The Queen's Skirt Explodes... again!

I have written here (July 13 entry and earlier) about my theory, that many portrait painters seem far more interested in tapestry, furs, gloves, emeralds, silks than they do the wealthy, even the royal, sitter's ... face.  And almost no-one gives us better satins than John Singer Sargent.  Sargent does have his fabulous moments, when he attains a Velazquez-ian dizziness, as here in the 1882 "El Jaleo":


Yes, we see her skirt lit by lamps ... but it is not the only focus. We see the gesture, the arms, the guitars that seems to be waiting for Picasso to make them Cubist ... we see life.  The painting asks us to move about inside of the frame. Our eyes do not become fixed on fabric. But then we look at a society portrait, here "Mrs. George Swinton" (nee Elizabeth "Elsie" Ebsworth) from 1897 and we see ... the Queen's skirt dilemma ... a beautiful problem, but still a problem:

She was a real person ... a rather significant personage, actually, a professional singer when that was not allowed ... but what we see, actually, is the lovely little chair and that magnificent sleeve and train. But I won't try and say it all myself. In an interview in the Guardian newspaper (7 September 2006), Jonathan Jones recalls that David Hockney had something to say about this work: "I remember seeing a Sargent in the Chicago Art Institute and thinking, fucking good you know, great, and even the bravura slickness, I admire it. And then I went round the corner and there's a Van Gogh portrait, and you just think, well, this is another level. A higher level, actually. I love the Sargent, but it's not the level of Van Gogh."  And then we look at the Van Gogh that Hockney saw:

Yes, we see the Seurat-style brushwork. But we don't care about that. What we see is the painter's gaze. Van Gogh's eyes.  We see the person. And the killer thing is that this portrait was painted ten years earlier than the portrait of Mrs. George Swinton.  And yet, it could have been painted a hundred years later, it is of such a different world.

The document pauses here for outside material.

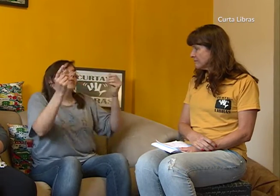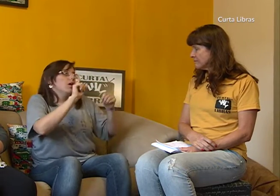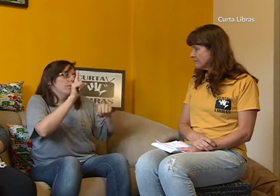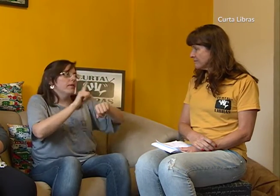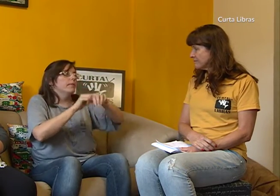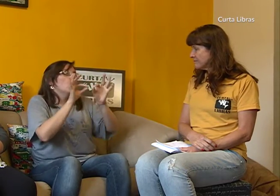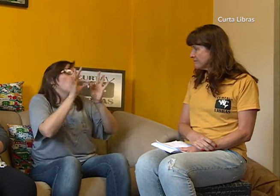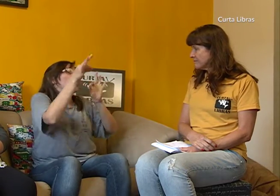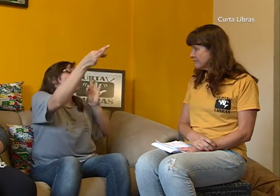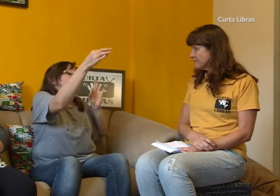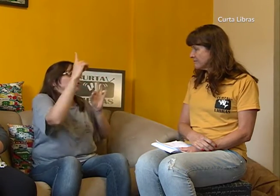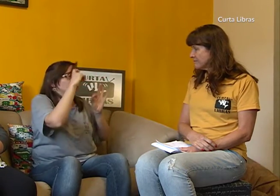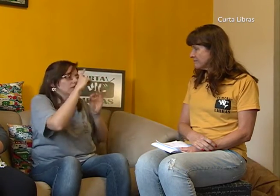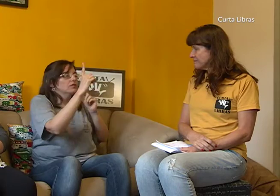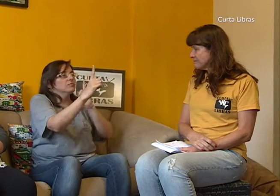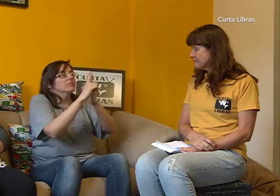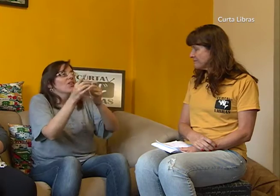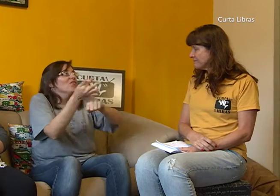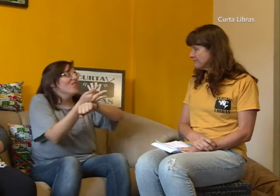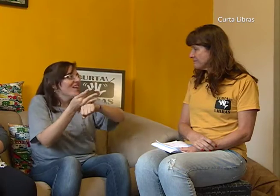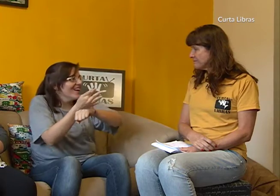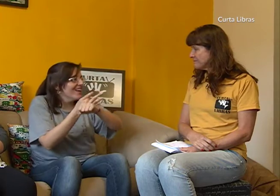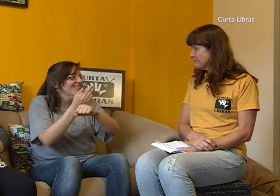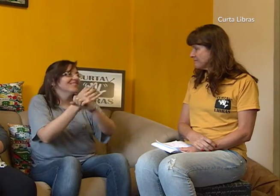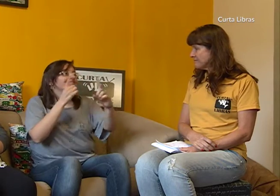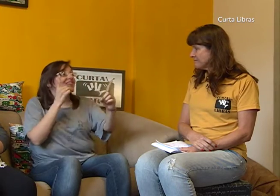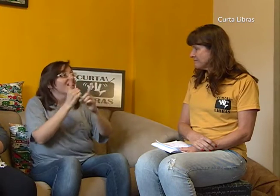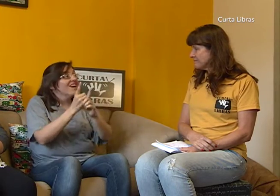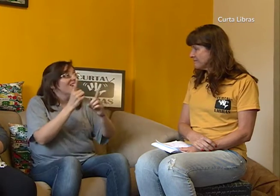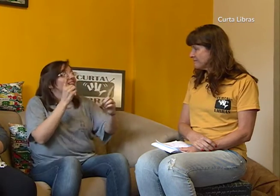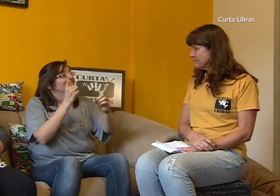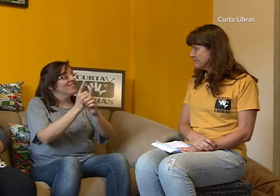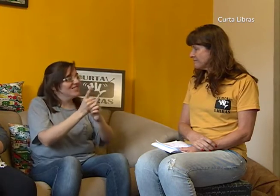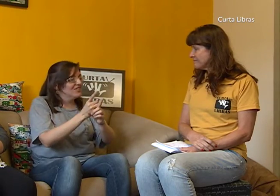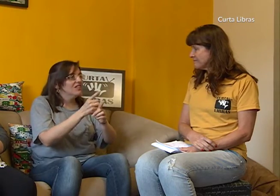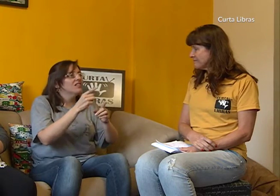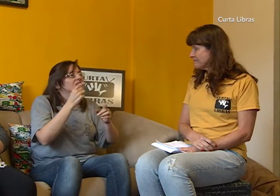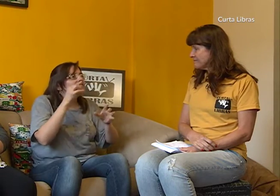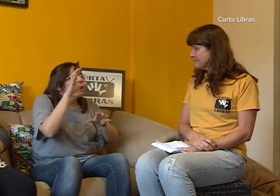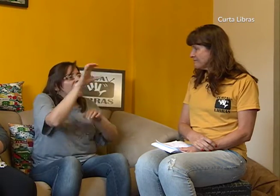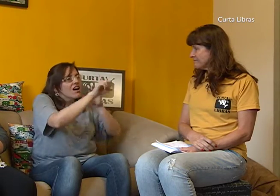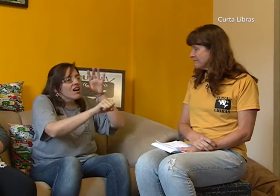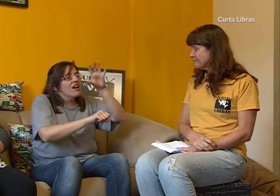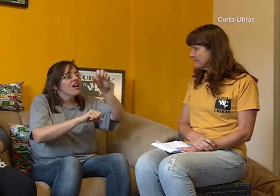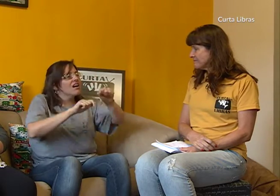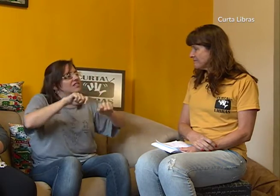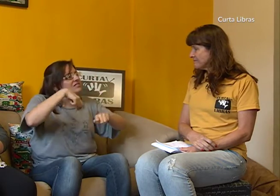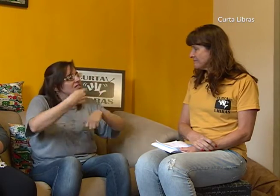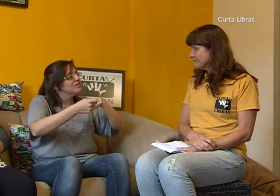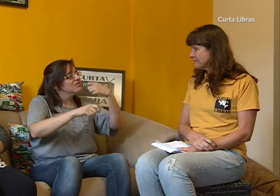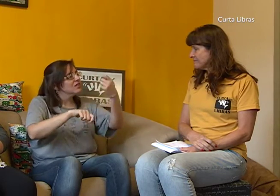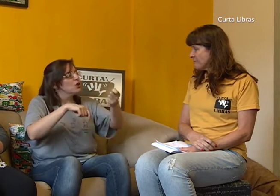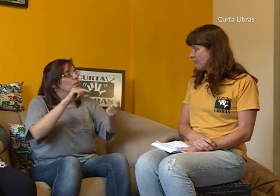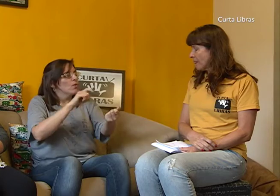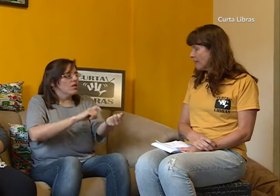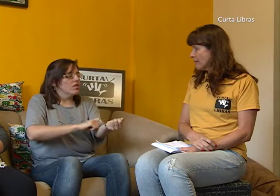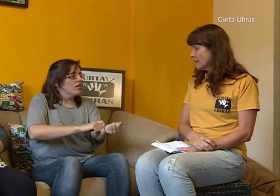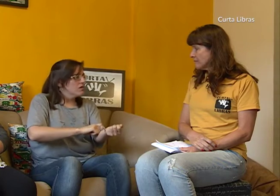porque morava longe, então era mais difícil. A gente só se encontrava nas férias, então eu ia aprendendo aos poucos alguns sinais. Eles me ensinavam sinais
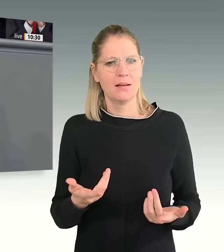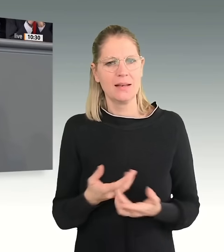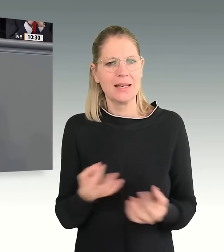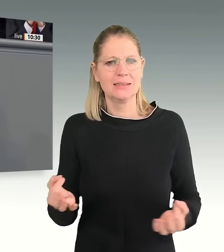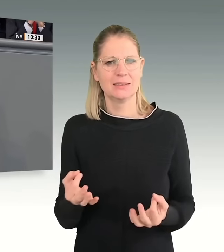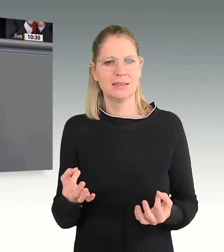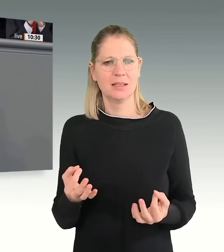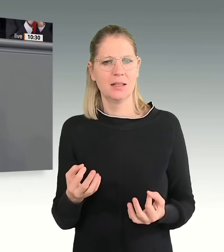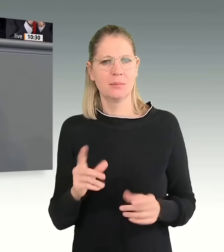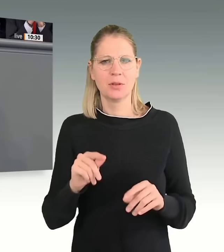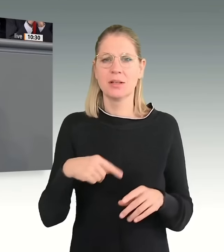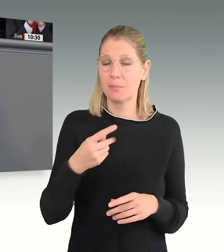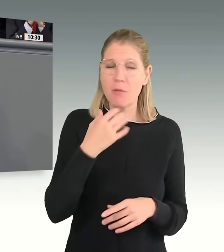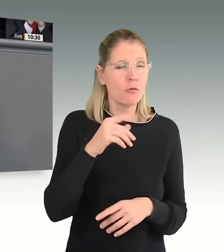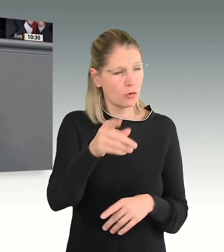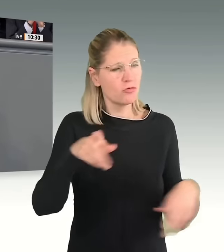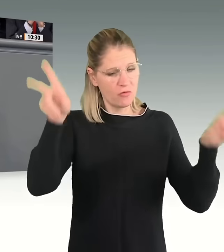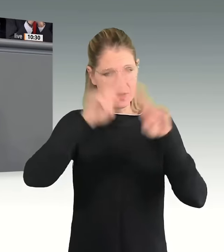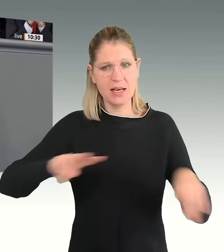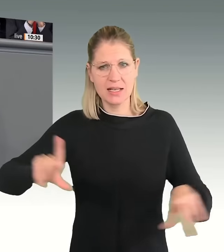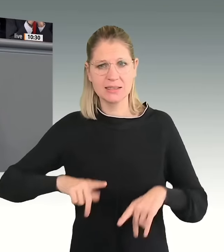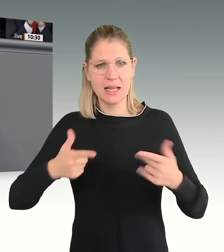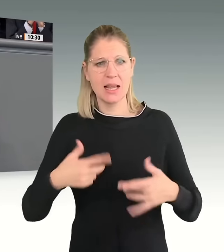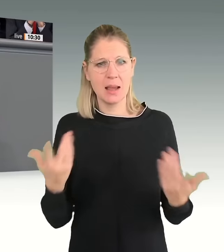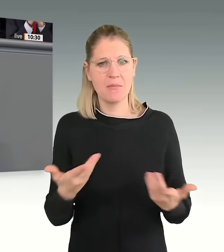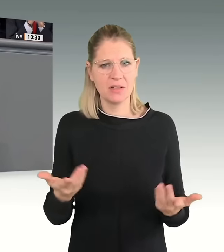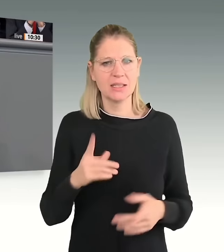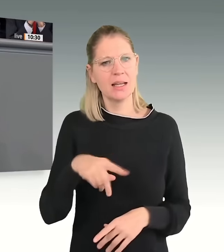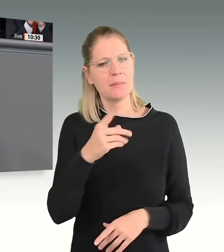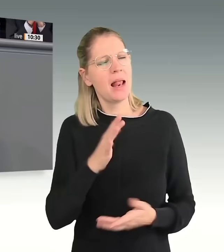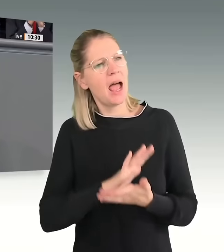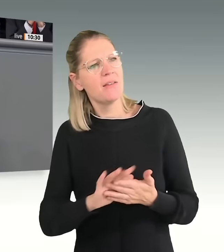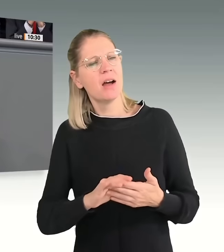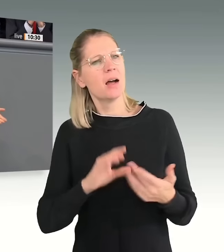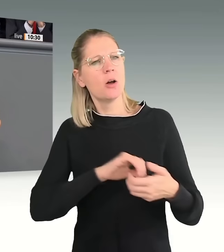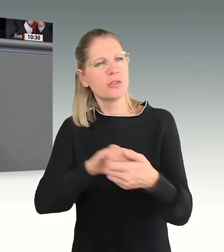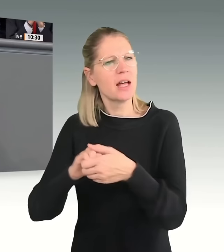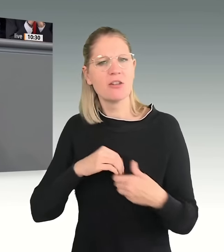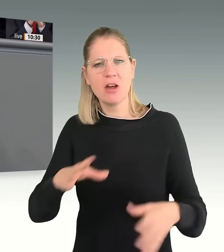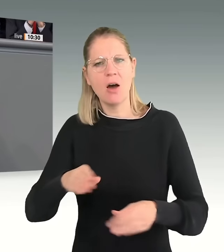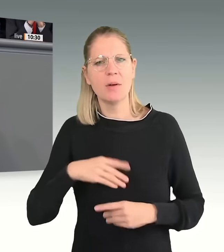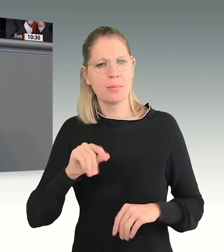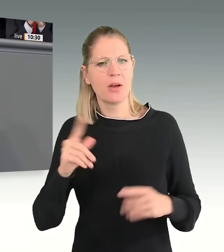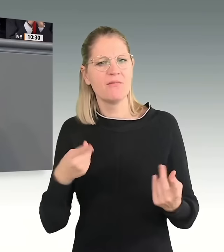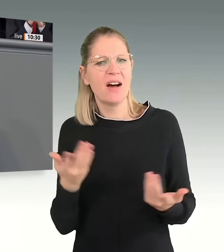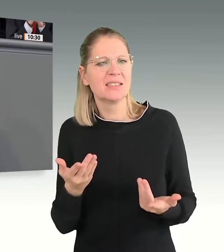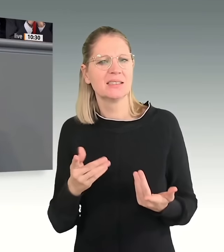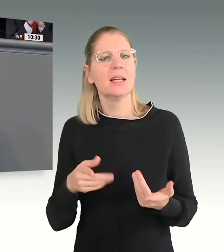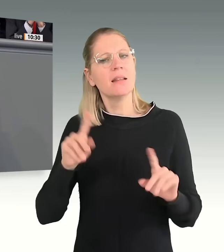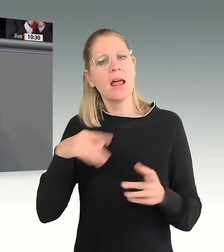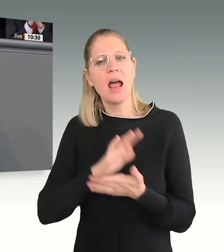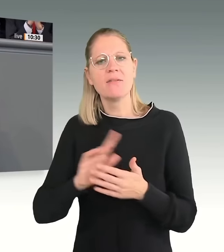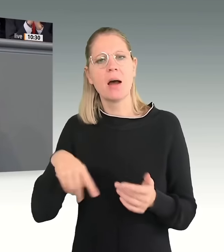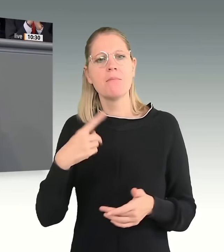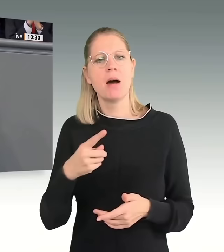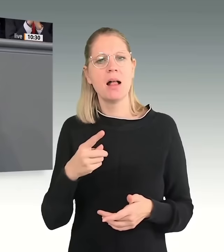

Hockney has also said that "Van Gogh could draw anything and make it enthralling... a rundown bathroom or a frayed carpet" (quoted in an article by Margaret Drabble, also in the Guardian, 17 October 2011).

Well might the Queen's skirt explode, in exasperation. (I mean that the fabrics, lovely as they are, are no substitute for a human face, and the Queen leaves in a huff).  Who can compete?